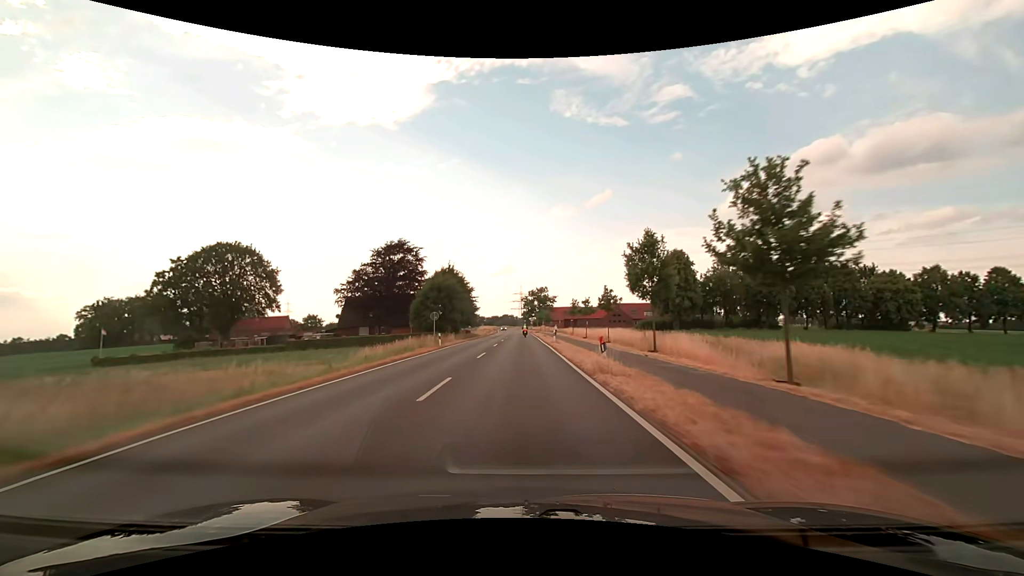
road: secondary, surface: asphalt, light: Day
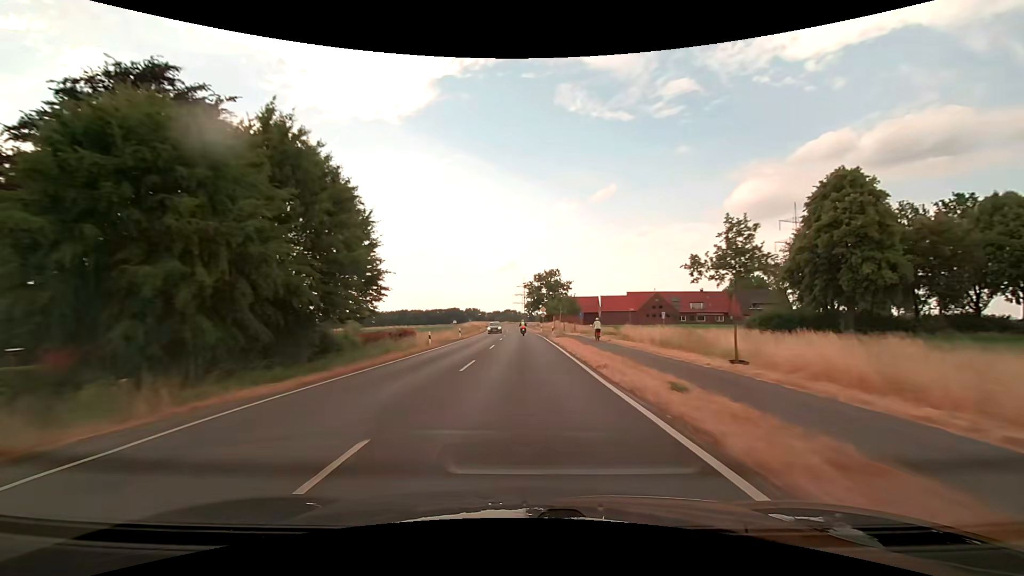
(-0.2, +55.2) m; 0°
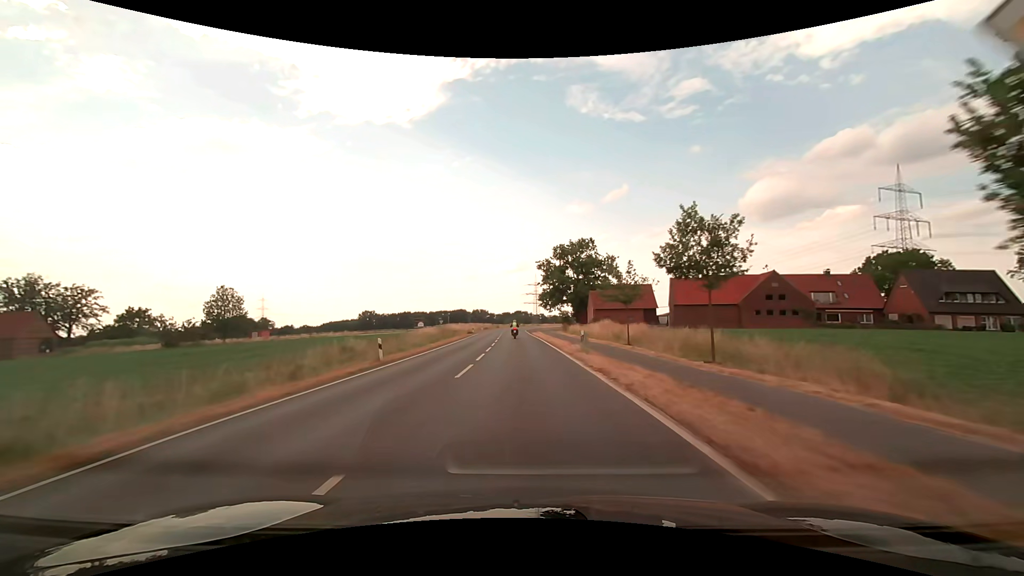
(-0.3, +60.8) m; -1°
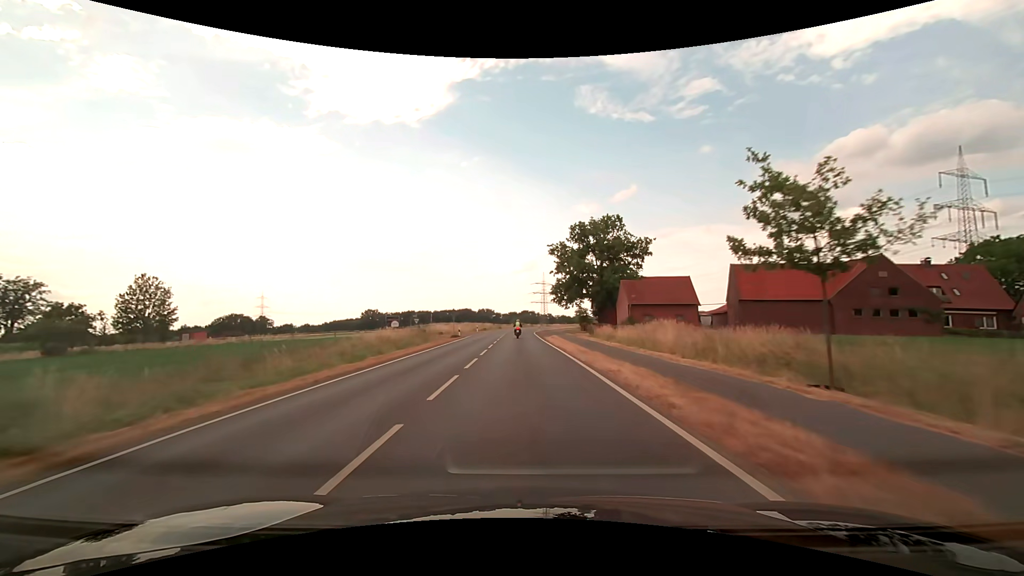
(-0.2, +21.8) m; -1°
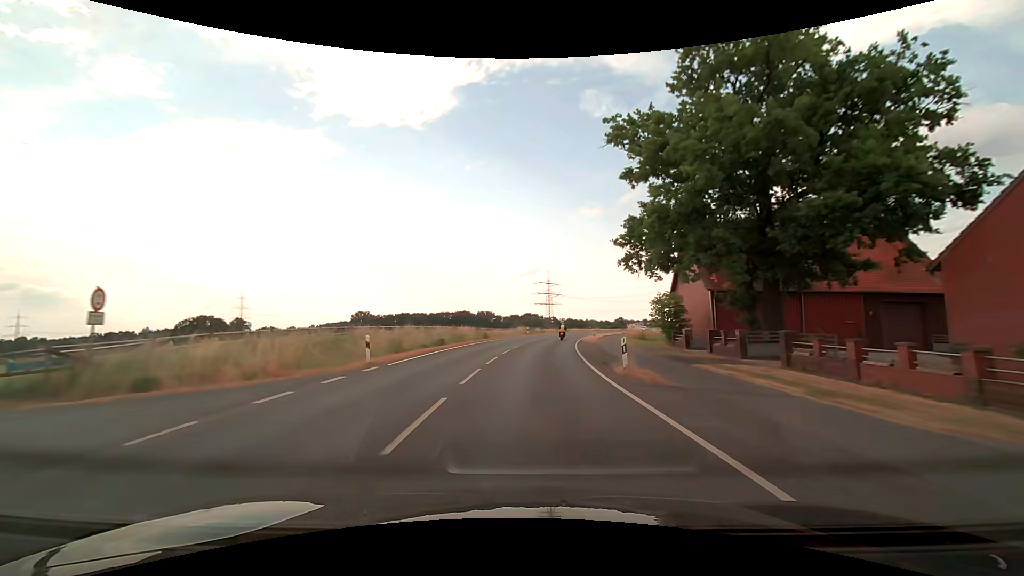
(-0.8, +51.4) m; 0°
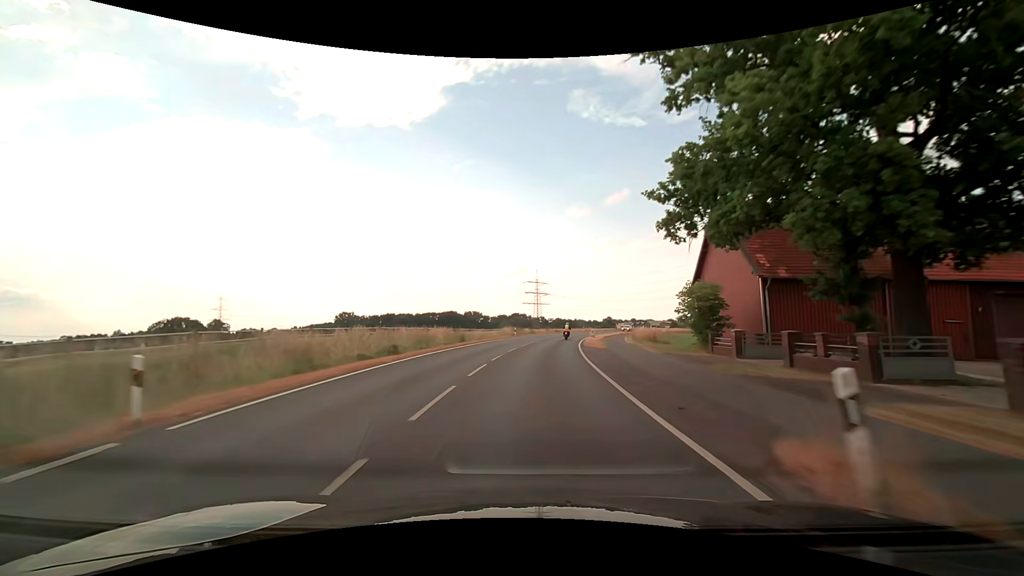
(+0.1, +10.3) m; +1°
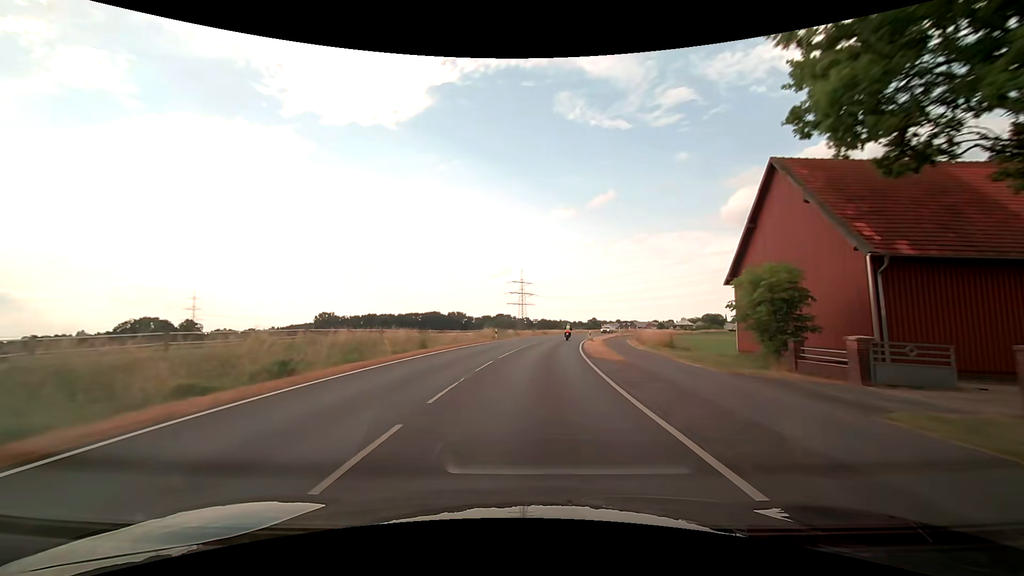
(+0.1, +10.4) m; +2°
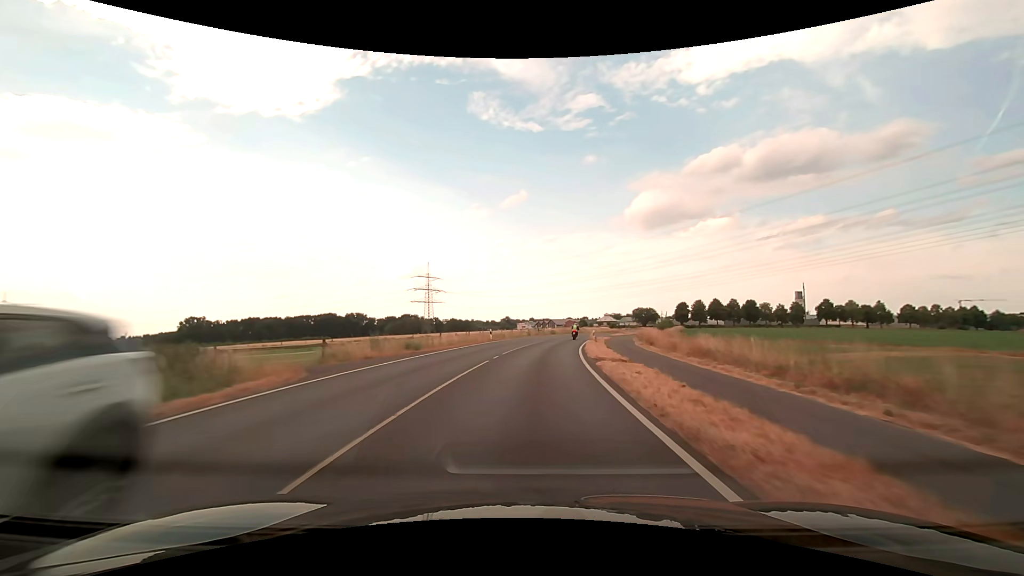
(+4.6, +52.6) m; +10°
(0, +10) (+1, +20) (+1, +30) (+3, +40) (+4, +50) (+6, +60) (+9, +69) (+11, +79) (+14, +88) (+17, +98) m

####################

Your instructions: Set down all of the material word for word, minus its pictures.

Result:
road: secondary, surface: asphalt, light: Day
(-0.2, +55.2) m; 0°
(-0.3, +60.8) m; -1°
(-0.2, +21.8) m; -1°
(-0.8, +51.4) m; 0°
(+0.1, +10.3) m; +1°
(+0.1, +10.4) m; +2°
(+4.6, +52.6) m; +10°
(0, +10) (+1, +20) (+1, +30) (+3, +40) (+4, +50) (+6, +60) (+9, +69) (+11, +79) (+14, +88) (+17, +98) m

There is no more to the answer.